Once the section of tubular is completely placed in the wellbore,
fluid is pumped at or above a maximum flow rate to deactivate the
differential fill feature. The fluid, initially enters the upper
housing 105 in the valve assembly 100. The fluid flows through the
passageway 185 and acts upon the orifice 175 and exerts a force
that urges the locking sleeve 170 axially downward.

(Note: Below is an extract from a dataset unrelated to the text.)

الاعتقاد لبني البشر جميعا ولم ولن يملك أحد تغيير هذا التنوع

At the maximum
flow rate, the locking sleeve 170 is urged sufficiently downward to
completely expose segments 110. Upon exposure of the segments 110,
the biasing member 165 causes the lower end of the segments 110 to
move radially inward and the upper ends to pivot in the groove 107.

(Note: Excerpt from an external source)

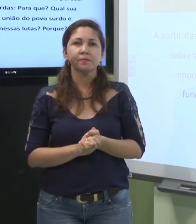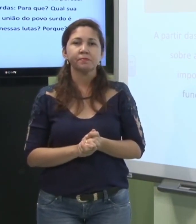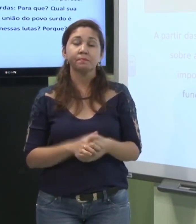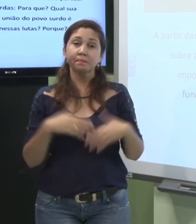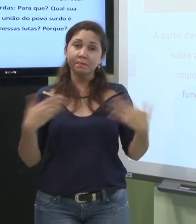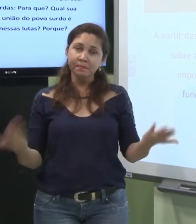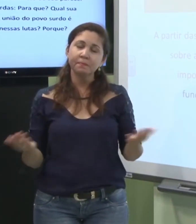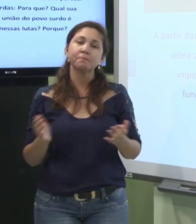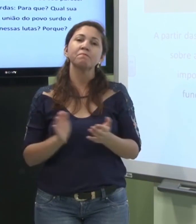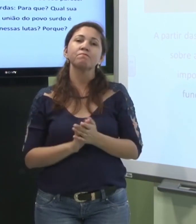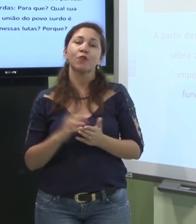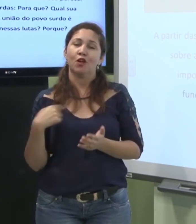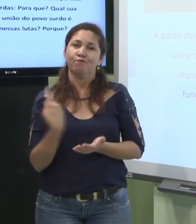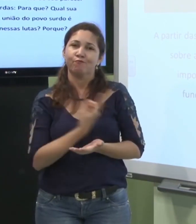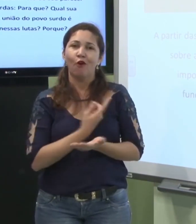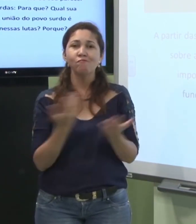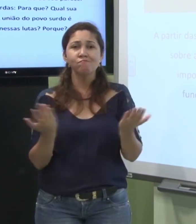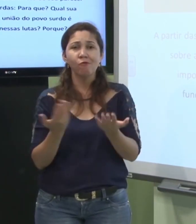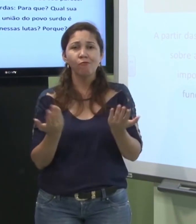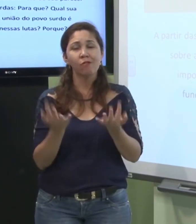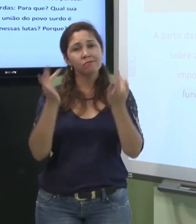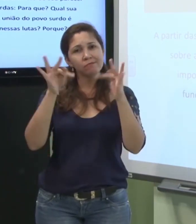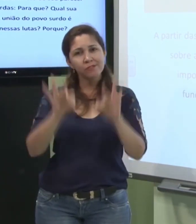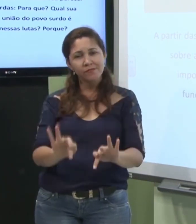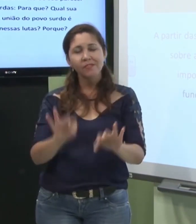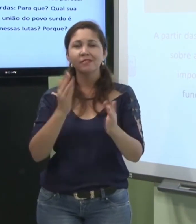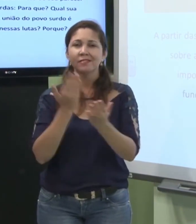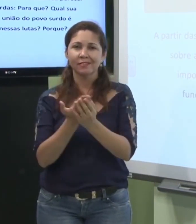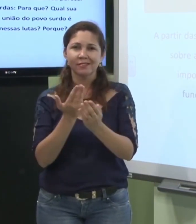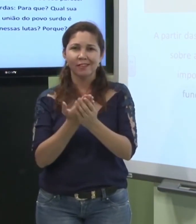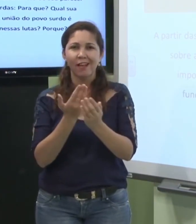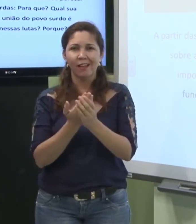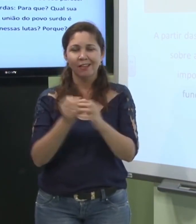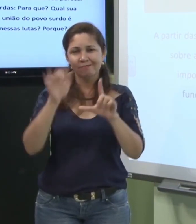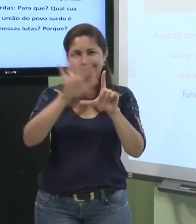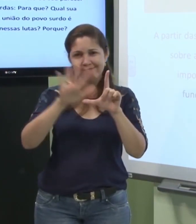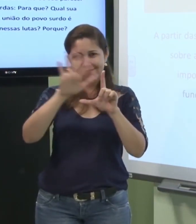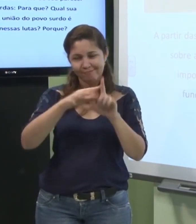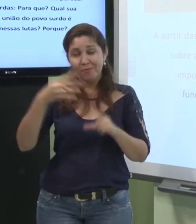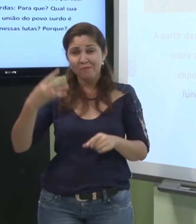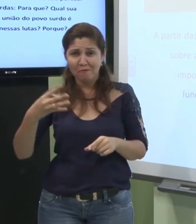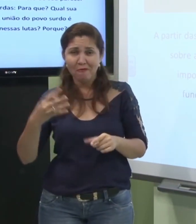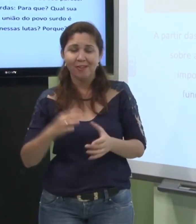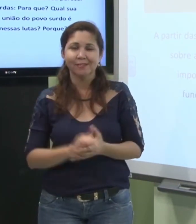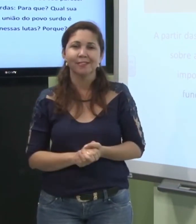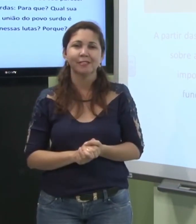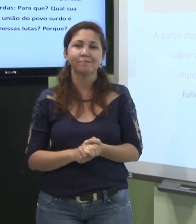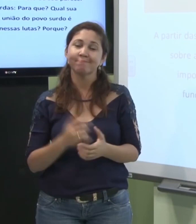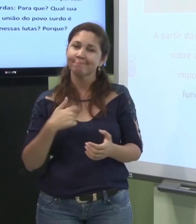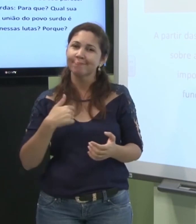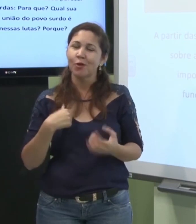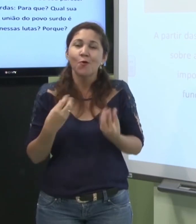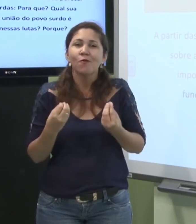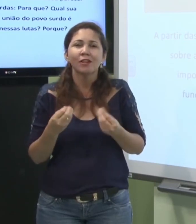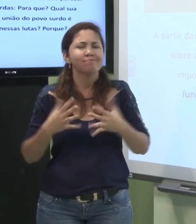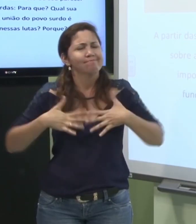então nossa aula está chegando ao fim a nossa quarta videoaula eu fiquei muito

As the segments 110 move radially inward the locking shoulder 112
wedges against surface 172 of the locking sleeve 170, thereby
preventing the locking sleeve 170 from moving axially upward in the
valve assembly 100.
As the locking sleeve 170 moves axially downward it also compress
the sleeve biasing members 115 against the seat 160. The force on
the seat 160 by the sleeve biasing members 115 causes the seat 160
to move axially downward until the bottom of the seat 160 hits a
stop 220 in the lower housing 120. The locking sleeve 170 and the
seat 160 are secured in a fixed position by the segments 110 at the
upper end of the locking sleeve 170 and the stop 220 at the lower
end of the valve seat 160.
After the section of tubular is installed in the wellbore, the
tubular is typically anchored in the wellbore through a cementing
process. The valve assembly 100 is used to facilitate the passage
of cement from the tubular to the annulus of the well while
preventing cement from returning into the tubular due to gravity
and fluid density of the cement. The valve assembly 100 acts as a
standard one-way check valve allowing fluid to enter the upper
housing 105 into the passageway 185 through the orifice 175 into
the passageway 180 and act upon the plunger head 190. At a
predetermined flow rate, the plunger 150 moves axially downward and
compresses the spring 145 disposed around the shaft 195 of the
plunger 150. The fluid is allowed to flow through the passageway
and exit the bottom of the valve assembly 100. After the downward
flow is stopped, the plunger 150 moves axially upward and the
plunger head 190 creates a sealing relationship with seat 160,
thereby preventing fluid from returning into the valve assembly 100
from the wellbore.
While the foregoing is directed to embodiments of the present
invention, other and further embodiments of the invention may be
devised without departing from the basic scope thereof, and the
scope thereof is determined by the claims that follow.